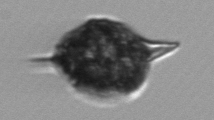
Label: Protoperidinium
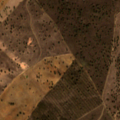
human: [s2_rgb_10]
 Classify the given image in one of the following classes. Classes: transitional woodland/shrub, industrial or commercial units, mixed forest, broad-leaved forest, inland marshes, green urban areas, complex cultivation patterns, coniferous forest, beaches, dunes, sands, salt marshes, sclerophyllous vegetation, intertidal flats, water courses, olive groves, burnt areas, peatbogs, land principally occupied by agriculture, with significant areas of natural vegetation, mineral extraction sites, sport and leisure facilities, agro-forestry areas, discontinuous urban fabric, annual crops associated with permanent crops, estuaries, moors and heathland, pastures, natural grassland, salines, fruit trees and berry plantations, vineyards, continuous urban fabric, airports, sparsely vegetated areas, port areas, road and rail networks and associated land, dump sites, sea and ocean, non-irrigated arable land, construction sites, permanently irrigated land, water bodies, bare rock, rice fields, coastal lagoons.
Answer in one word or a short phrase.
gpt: non-irrigated arable land, pastures, agro-forestry areas, transitional woodland/shrub
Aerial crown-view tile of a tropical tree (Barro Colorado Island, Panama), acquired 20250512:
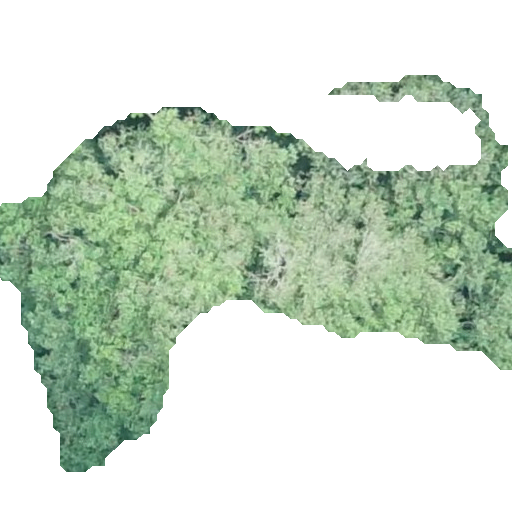
Species: Apeiba membranacea
GBIF accepted scientific name: Apeiba membranacea
Crown area: 167.57 m²
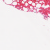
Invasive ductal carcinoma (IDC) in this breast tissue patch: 0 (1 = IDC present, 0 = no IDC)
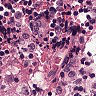
Metastatic tissue present: no
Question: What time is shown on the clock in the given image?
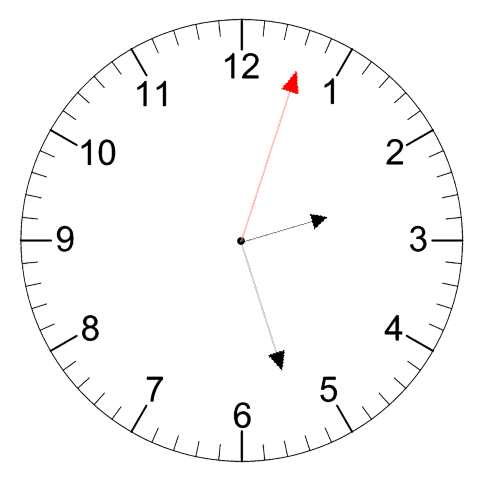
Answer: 02:27:03
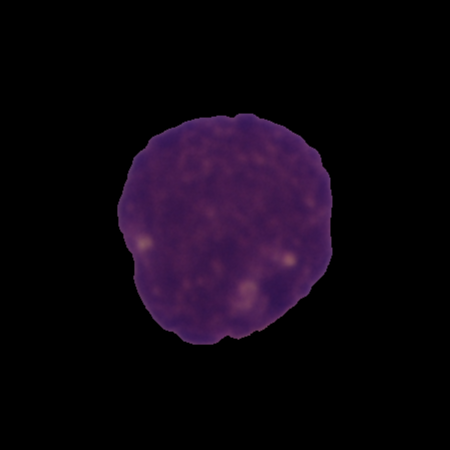
Label: cancer
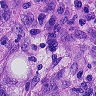
Metastatic tissue present: yes
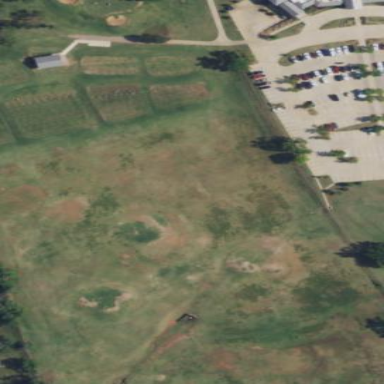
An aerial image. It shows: Grassy area designated for driving range golf.
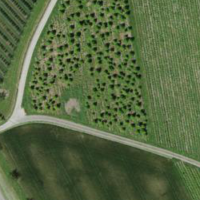
EUNIS habitat code: 52
Species observed at this site:
Phoenicurus ochruros
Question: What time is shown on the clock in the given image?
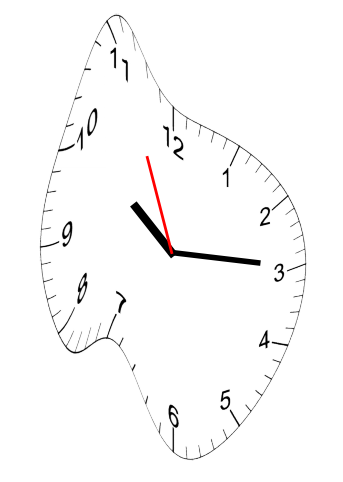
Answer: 10:14:56
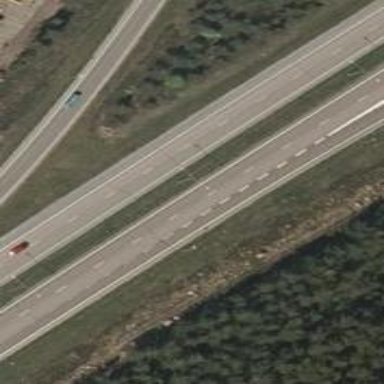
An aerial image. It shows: Motorway junction.
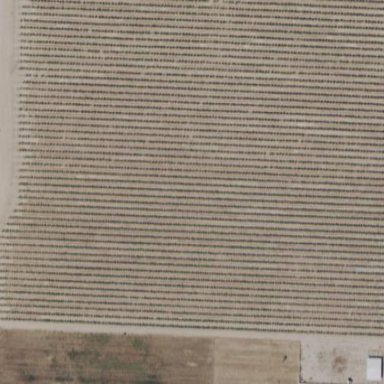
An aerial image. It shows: Vineyard with grape crops.
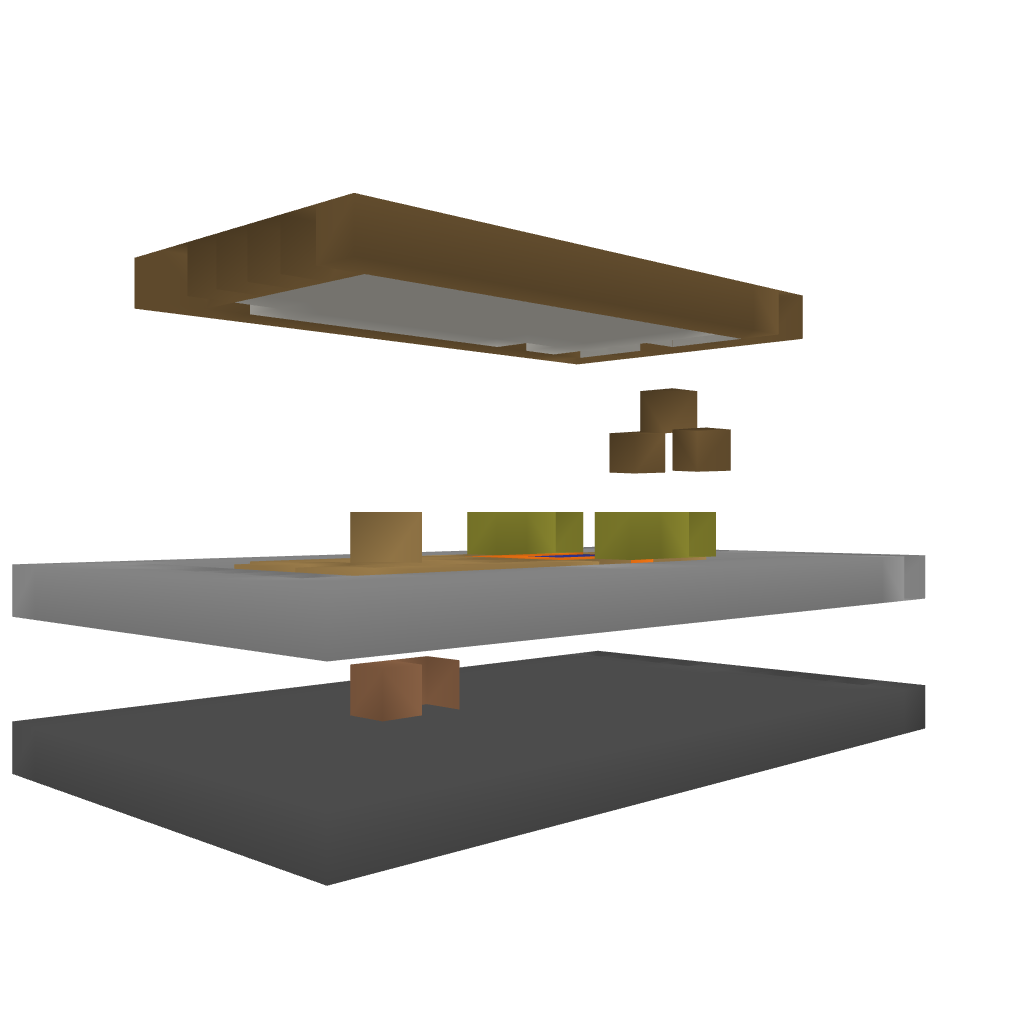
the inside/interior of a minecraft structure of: Office
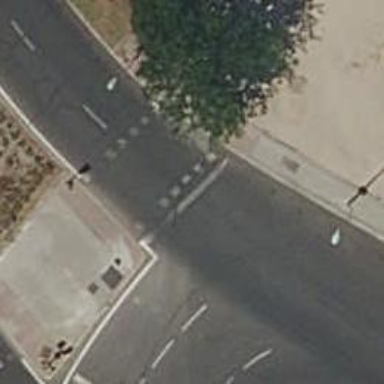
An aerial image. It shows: Road with traffic signals at crossing.
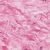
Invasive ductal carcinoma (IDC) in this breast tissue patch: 0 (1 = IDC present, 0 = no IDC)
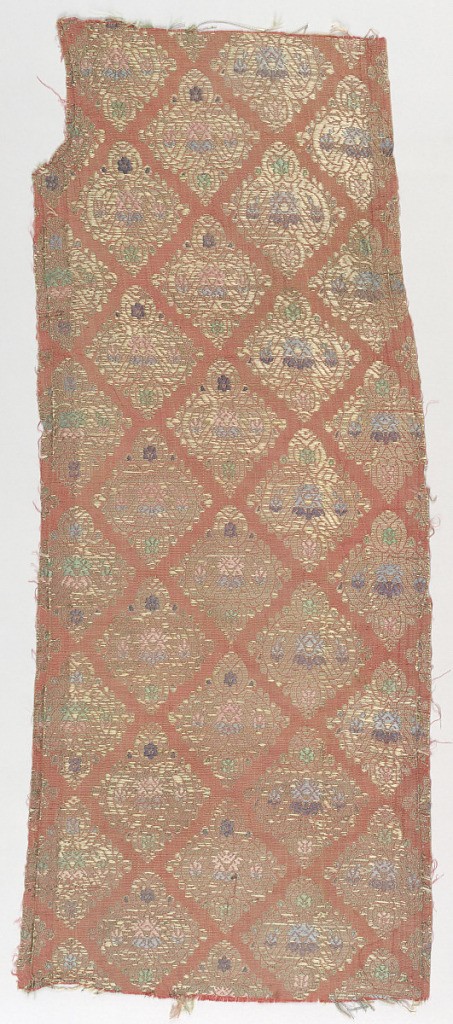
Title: Fragments
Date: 19th century
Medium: silk, metallic thread Technique: woven
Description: Orange ground with diamond-shaped lozenges in a staggered horizontal repeat containing plant and flower forms in gold thread, pink, purple, green, and blue.
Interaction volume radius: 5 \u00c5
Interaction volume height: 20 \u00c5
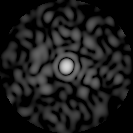
Disorder parameter: 0.8532
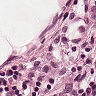
Metastatic tissue present: no
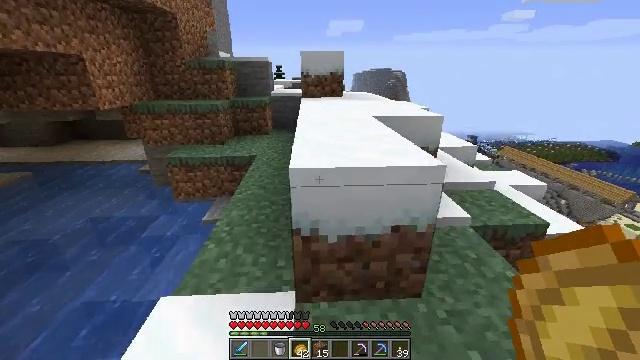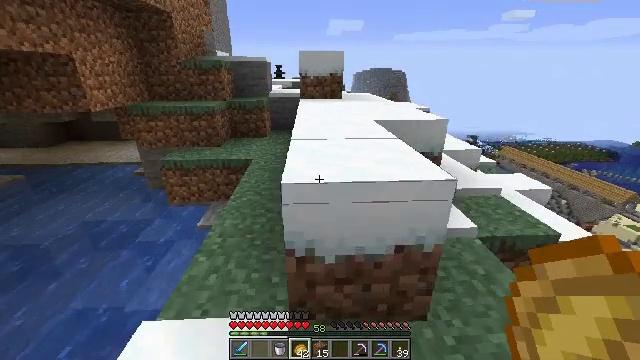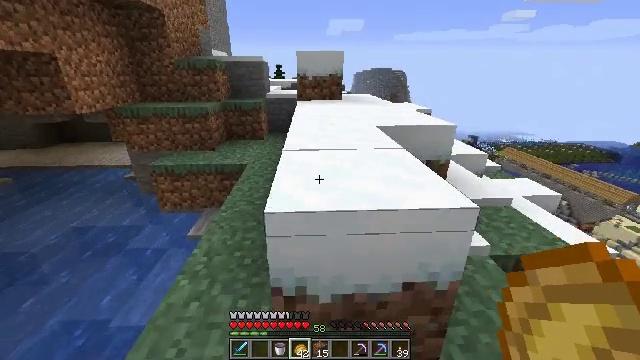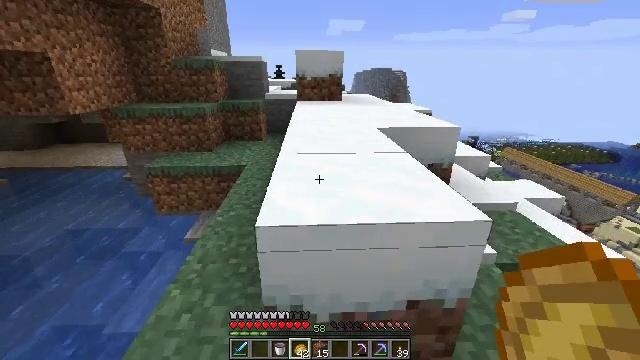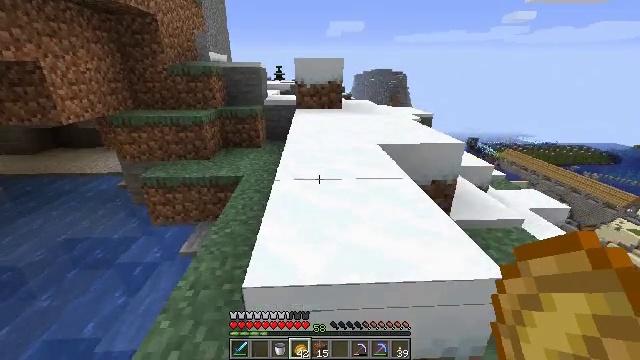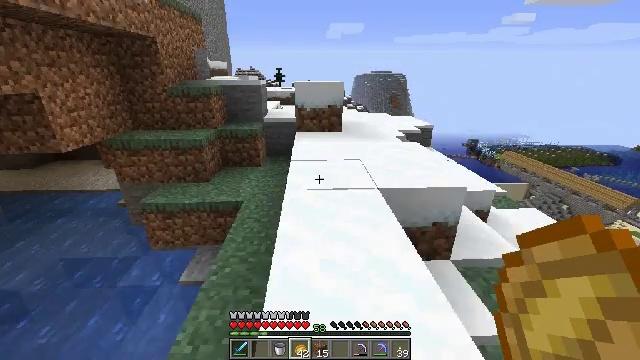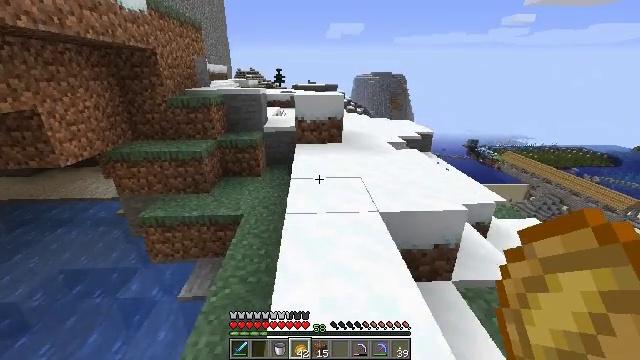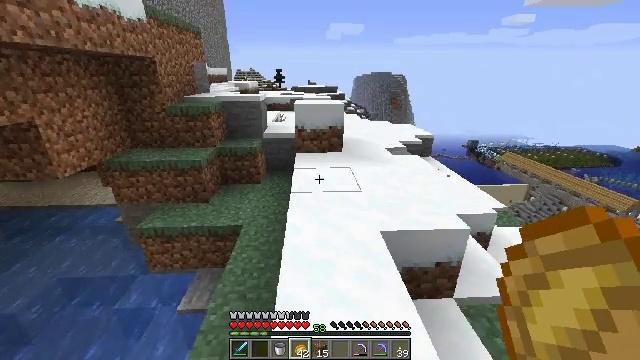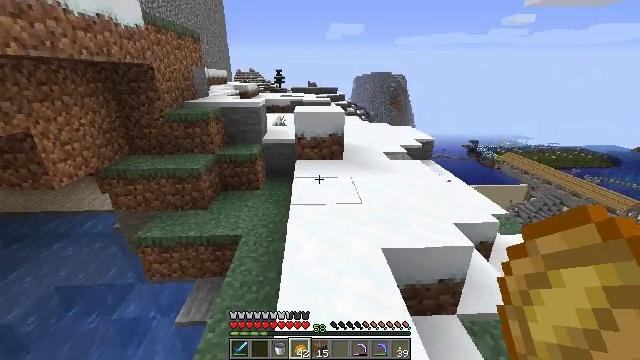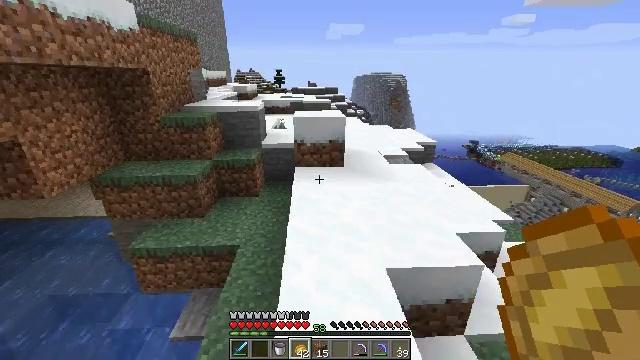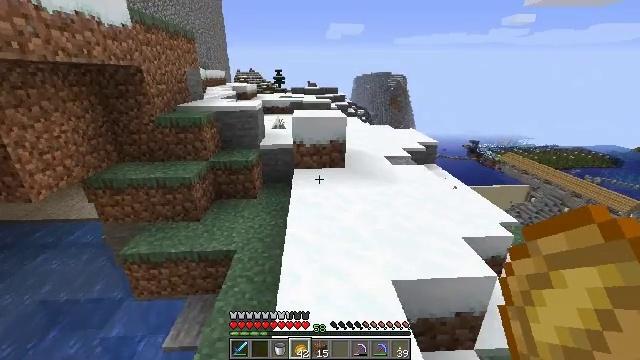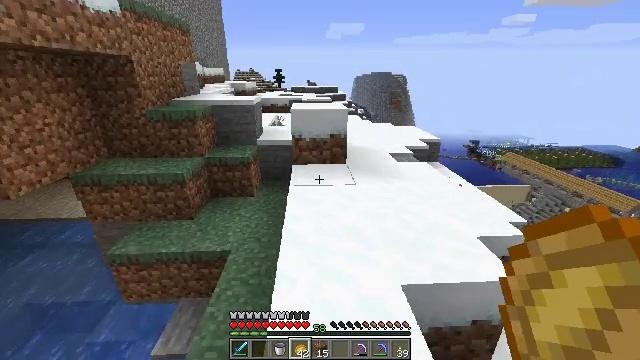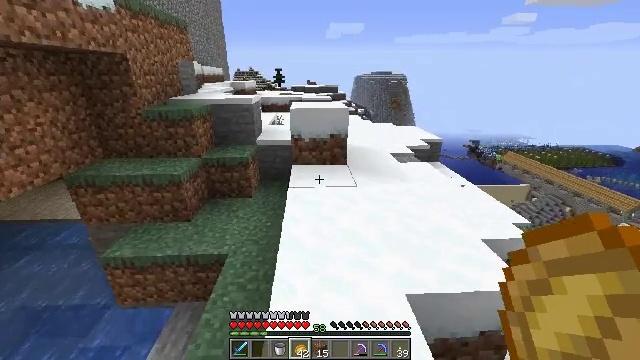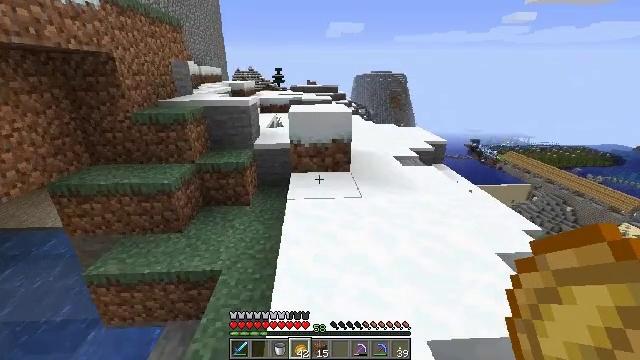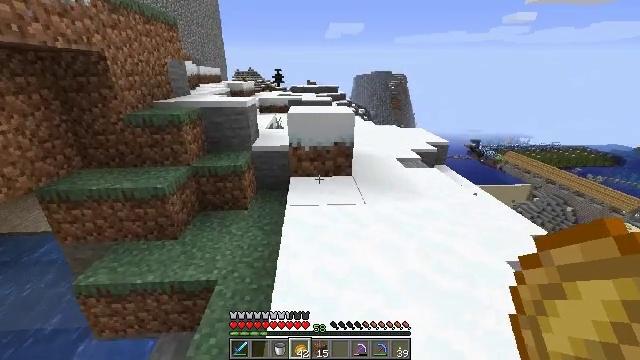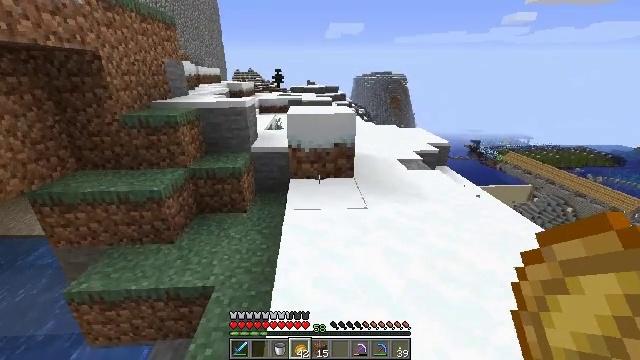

━━━━━━

YOUR OBJECTIVE ▸ For this exercise, return exactly the lines above from the line with "An aerial image. It shows: Motorway junction." through the line with "Medium: silk, metallic", both included. Do not copy the pictures.

SOLUTION TO THIS PROBLEM ▸
An aerial image. It shows: Motorway junction.
An aerial image. It shows: Vineyard with grape crops.
the inside/interior of a minecraft structure of: Office
An aerial image. It shows: Road with traffic signals at crossing.
Invasive ductal carcinoma (IDC) in this breast tissue patch: 0 (1 = IDC present, 0 = no IDC)
Title: Fragments
Date: 19th century
Medium: silk, metallic thread Technique: woven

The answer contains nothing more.